# Source material
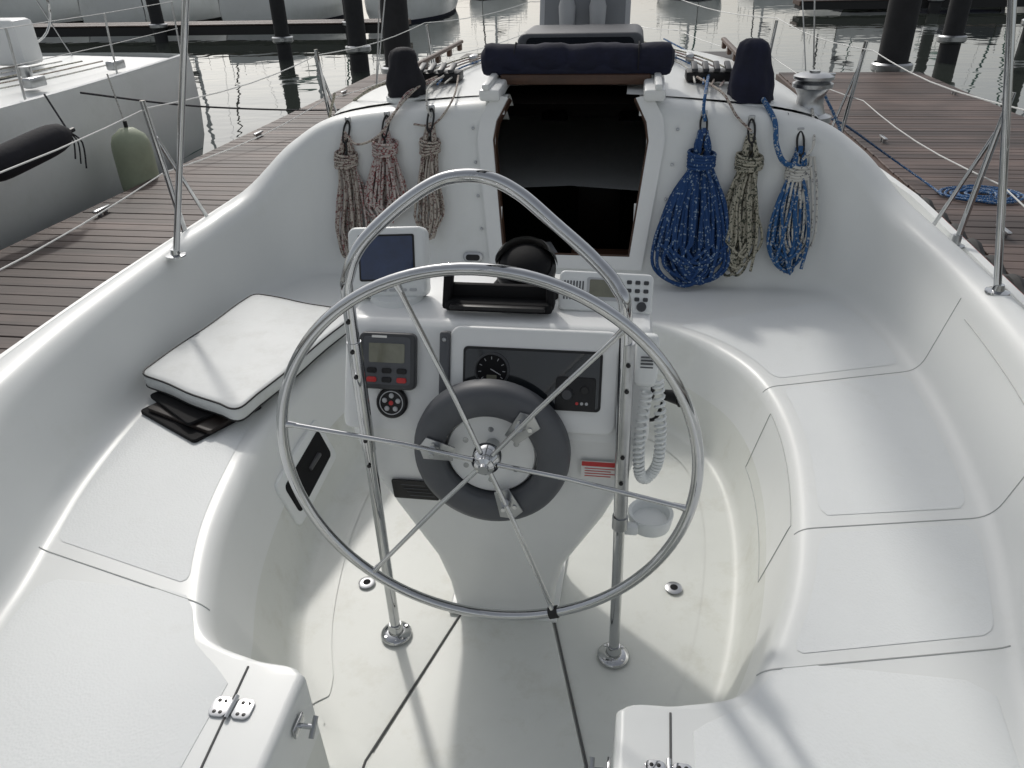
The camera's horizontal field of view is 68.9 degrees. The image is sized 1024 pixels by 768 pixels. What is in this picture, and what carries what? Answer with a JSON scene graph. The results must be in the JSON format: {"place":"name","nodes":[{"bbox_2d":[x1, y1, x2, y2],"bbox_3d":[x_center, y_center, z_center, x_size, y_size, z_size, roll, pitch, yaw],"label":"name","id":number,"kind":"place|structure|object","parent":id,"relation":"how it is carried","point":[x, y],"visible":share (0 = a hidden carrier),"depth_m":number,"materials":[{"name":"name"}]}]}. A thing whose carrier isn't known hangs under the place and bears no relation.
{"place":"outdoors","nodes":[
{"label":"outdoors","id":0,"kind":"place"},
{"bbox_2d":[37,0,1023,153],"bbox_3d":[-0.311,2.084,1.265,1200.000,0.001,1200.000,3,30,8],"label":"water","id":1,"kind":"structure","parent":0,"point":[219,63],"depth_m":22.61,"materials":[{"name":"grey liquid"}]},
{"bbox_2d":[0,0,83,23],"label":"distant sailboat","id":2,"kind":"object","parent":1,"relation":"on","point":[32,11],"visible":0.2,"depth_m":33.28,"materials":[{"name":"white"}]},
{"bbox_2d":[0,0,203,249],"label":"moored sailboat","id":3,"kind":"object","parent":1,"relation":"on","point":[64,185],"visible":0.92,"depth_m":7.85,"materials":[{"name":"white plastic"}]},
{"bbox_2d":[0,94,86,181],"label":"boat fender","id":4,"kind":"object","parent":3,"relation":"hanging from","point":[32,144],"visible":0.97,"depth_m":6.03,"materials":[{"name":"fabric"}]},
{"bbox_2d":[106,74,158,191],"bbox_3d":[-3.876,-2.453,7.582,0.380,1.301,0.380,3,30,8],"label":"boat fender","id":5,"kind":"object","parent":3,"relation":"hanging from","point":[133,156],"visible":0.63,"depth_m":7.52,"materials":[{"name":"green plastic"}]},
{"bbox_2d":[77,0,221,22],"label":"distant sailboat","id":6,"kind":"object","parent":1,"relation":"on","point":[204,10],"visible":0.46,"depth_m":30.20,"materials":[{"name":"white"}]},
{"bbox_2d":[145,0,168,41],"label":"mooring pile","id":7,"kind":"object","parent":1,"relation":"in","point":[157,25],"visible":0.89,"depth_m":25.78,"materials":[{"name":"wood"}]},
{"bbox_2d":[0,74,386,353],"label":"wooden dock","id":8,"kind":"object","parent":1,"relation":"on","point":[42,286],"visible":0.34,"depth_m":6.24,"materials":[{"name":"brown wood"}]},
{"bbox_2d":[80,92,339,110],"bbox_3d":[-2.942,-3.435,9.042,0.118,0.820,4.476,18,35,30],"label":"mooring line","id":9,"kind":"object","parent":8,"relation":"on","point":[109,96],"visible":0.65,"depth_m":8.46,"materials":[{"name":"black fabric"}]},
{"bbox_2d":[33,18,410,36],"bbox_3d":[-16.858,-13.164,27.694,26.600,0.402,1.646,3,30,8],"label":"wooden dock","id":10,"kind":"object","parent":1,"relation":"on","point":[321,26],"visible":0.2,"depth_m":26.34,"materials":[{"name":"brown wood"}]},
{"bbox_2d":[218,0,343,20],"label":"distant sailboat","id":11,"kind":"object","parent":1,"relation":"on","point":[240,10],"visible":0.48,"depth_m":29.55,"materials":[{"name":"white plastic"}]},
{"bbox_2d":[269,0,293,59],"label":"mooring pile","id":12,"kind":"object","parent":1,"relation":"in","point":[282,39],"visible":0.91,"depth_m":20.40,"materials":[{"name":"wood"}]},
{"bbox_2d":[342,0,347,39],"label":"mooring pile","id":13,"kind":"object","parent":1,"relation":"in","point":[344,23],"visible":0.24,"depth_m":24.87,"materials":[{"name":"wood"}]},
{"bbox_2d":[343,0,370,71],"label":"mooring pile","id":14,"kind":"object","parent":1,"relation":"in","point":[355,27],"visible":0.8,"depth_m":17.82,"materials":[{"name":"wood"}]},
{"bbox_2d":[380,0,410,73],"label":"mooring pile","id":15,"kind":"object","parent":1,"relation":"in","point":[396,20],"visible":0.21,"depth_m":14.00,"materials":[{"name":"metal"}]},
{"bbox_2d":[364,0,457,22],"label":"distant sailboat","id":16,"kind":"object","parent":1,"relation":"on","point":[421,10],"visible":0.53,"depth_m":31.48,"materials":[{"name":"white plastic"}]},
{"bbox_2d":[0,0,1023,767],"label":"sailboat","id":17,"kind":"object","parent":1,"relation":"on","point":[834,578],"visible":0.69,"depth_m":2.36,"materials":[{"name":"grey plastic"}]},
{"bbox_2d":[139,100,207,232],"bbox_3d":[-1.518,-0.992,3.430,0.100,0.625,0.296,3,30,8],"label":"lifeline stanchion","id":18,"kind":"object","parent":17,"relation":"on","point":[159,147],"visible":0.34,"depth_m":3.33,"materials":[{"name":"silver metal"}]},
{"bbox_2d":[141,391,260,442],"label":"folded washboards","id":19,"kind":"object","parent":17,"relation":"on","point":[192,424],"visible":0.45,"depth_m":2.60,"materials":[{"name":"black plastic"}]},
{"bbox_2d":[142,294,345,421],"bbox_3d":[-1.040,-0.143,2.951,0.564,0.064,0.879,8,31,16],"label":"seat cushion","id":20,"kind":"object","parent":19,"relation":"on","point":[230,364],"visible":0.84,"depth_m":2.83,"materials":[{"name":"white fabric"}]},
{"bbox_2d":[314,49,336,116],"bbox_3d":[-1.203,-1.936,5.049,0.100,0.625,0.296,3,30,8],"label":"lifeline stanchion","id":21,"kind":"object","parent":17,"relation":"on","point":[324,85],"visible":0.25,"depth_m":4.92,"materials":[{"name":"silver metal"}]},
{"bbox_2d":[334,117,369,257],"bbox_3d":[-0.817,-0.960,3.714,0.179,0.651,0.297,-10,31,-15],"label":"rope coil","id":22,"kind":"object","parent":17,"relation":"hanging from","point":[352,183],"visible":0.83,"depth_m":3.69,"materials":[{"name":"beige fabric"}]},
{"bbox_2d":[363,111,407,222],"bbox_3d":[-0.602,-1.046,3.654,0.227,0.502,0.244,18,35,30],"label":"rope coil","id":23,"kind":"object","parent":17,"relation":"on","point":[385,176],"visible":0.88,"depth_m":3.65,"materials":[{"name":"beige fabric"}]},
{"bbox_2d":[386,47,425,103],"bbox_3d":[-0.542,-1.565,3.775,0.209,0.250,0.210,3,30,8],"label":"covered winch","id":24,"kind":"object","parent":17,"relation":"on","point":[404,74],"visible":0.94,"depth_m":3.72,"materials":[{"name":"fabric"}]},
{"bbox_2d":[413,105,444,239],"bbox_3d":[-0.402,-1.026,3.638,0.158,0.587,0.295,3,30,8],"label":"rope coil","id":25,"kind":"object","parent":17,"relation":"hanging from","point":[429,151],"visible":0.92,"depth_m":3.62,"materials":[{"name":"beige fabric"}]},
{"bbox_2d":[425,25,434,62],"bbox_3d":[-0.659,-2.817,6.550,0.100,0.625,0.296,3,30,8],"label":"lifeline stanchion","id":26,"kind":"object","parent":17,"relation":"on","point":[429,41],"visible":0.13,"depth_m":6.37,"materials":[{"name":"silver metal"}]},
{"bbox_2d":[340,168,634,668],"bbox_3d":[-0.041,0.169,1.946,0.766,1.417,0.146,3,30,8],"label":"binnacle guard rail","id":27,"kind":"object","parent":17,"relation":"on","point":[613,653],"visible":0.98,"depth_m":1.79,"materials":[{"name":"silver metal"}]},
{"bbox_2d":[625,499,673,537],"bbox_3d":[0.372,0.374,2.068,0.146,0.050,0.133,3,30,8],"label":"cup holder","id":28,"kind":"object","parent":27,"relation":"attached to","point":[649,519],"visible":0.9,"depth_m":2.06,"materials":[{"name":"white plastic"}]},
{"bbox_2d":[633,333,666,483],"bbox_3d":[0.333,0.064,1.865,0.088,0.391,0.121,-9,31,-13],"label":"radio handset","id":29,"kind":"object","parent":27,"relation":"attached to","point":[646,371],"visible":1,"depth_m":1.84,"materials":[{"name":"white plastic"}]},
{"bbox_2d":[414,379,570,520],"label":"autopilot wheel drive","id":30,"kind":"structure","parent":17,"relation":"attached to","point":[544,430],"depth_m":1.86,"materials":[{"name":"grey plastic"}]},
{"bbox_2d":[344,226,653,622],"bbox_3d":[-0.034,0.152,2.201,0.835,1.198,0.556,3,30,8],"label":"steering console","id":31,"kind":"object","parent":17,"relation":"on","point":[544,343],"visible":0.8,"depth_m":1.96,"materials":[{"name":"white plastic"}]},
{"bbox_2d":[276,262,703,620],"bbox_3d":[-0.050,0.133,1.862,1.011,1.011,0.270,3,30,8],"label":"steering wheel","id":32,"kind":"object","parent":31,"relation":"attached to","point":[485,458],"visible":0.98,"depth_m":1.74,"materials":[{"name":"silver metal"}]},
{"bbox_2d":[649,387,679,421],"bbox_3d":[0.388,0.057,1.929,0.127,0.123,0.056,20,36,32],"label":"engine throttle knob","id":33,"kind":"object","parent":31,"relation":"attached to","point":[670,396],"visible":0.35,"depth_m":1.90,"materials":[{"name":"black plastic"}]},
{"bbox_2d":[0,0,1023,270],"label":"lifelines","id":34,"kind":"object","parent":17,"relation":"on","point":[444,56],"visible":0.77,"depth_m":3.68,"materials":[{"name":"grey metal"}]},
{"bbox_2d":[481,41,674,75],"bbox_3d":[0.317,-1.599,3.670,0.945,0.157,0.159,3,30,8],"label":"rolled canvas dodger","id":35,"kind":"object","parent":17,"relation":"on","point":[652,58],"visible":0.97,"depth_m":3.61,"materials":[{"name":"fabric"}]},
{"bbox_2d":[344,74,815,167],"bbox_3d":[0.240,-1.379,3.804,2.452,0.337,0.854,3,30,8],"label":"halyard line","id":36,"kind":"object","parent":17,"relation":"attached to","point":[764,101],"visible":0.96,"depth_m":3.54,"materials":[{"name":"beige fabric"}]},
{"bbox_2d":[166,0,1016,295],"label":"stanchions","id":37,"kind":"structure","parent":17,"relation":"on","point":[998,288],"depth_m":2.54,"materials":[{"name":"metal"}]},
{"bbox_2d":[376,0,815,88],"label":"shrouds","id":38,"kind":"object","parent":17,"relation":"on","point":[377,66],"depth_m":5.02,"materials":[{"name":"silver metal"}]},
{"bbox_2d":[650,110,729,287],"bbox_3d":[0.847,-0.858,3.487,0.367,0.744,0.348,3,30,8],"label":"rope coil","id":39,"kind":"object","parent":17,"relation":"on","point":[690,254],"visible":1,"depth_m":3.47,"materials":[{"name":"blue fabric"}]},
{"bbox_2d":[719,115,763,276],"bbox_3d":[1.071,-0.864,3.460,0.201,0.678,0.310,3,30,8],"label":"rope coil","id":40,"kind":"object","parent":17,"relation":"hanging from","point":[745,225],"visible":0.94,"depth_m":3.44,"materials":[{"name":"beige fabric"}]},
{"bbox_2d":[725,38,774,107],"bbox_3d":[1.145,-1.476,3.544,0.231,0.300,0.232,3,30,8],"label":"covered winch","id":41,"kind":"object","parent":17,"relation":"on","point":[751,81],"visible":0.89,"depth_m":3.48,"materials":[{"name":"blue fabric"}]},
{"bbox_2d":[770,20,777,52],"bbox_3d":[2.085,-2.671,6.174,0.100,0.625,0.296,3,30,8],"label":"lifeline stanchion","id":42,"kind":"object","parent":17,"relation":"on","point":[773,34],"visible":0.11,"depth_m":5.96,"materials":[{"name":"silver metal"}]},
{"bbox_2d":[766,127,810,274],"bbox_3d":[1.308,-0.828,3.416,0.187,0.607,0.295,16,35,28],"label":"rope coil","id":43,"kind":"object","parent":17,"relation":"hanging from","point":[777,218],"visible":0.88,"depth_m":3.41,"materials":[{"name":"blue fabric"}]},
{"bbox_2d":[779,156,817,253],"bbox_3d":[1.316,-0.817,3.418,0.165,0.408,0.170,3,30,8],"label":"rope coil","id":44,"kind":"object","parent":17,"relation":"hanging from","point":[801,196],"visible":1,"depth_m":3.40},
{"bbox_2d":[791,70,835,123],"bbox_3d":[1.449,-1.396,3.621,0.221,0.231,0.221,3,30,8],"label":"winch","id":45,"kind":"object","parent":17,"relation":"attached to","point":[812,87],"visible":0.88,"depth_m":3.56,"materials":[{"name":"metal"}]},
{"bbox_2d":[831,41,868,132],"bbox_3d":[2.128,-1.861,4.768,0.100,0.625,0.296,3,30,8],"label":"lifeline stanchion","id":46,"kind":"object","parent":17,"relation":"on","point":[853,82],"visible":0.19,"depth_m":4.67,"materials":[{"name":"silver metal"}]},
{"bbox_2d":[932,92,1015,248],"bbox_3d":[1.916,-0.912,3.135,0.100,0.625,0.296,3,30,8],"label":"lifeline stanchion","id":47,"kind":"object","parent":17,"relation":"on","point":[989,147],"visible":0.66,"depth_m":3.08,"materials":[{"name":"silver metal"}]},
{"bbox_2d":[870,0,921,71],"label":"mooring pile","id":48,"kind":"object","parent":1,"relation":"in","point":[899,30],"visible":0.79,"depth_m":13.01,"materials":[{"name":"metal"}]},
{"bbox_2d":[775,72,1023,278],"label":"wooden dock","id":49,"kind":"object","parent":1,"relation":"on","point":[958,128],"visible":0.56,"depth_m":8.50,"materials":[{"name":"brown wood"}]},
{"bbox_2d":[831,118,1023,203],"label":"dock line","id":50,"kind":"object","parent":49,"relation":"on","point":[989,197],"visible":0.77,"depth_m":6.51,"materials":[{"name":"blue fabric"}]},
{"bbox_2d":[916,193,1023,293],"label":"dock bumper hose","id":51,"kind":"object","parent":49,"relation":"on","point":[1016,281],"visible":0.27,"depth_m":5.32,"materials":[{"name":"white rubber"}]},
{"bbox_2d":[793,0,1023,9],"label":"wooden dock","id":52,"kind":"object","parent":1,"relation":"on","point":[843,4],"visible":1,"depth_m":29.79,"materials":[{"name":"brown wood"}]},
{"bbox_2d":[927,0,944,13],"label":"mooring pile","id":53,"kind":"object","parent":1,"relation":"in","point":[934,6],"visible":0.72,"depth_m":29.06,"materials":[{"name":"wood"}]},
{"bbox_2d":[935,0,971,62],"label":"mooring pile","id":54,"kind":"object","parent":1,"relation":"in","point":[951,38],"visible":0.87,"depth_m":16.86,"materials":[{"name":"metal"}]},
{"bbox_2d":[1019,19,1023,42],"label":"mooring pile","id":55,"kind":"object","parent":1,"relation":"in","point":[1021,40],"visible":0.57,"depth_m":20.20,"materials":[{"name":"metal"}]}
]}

# Problem to work on
Check each line above for the string "from" and copy the ones that have it.

# Task response
{"bbox_2d":[0,94,86,181],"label":"boat fender","id":4,"kind":"object","parent":3,"relation":"hanging from","point":[32,144],"visible":0.97,"depth_m":6.03,"materials":[{"name":"fabric"}]},
{"bbox_2d":[106,74,158,191],"bbox_3d":[-3.876,-2.453,7.582,0.380,1.301,0.380,3,30,8],"label":"boat fender","id":5,"kind":"object","parent":3,"relation":"hanging from","point":[133,156],"visible":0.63,"depth_m":7.52,"materials":[{"name":"green plastic"}]},
{"bbox_2d":[334,117,369,257],"bbox_3d":[-0.817,-0.960,3.714,0.179,0.651,0.297,-10,31,-15],"label":"rope coil","id":22,"kind":"object","parent":17,"relation":"hanging from","point":[352,183],"visible":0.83,"depth_m":3.69,"materials":[{"name":"beige fabric"}]},
{"bbox_2d":[413,105,444,239],"bbox_3d":[-0.402,-1.026,3.638,0.158,0.587,0.295,3,30,8],"label":"rope coil","id":25,"kind":"object","parent":17,"relation":"hanging from","point":[429,151],"visible":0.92,"depth_m":3.62,"materials":[{"name":"beige fabric"}]},
{"bbox_2d":[719,115,763,276],"bbox_3d":[1.071,-0.864,3.460,0.201,0.678,0.310,3,30,8],"label":"rope coil","id":40,"kind":"object","parent":17,"relation":"hanging from","point":[745,225],"visible":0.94,"depth_m":3.44,"materials":[{"name":"beige fabric"}]},
{"bbox_2d":[766,127,810,274],"bbox_3d":[1.308,-0.828,3.416,0.187,0.607,0.295,16,35,28],"label":"rope coil","id":43,"kind":"object","parent":17,"relation":"hanging from","point":[777,218],"visible":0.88,"depth_m":3.41,"materials":[{"name":"blue fabric"}]},
{"bbox_2d":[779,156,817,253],"bbox_3d":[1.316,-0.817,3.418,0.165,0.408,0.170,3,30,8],"label":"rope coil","id":44,"kind":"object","parent":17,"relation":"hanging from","point":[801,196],"visible":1,"depth_m":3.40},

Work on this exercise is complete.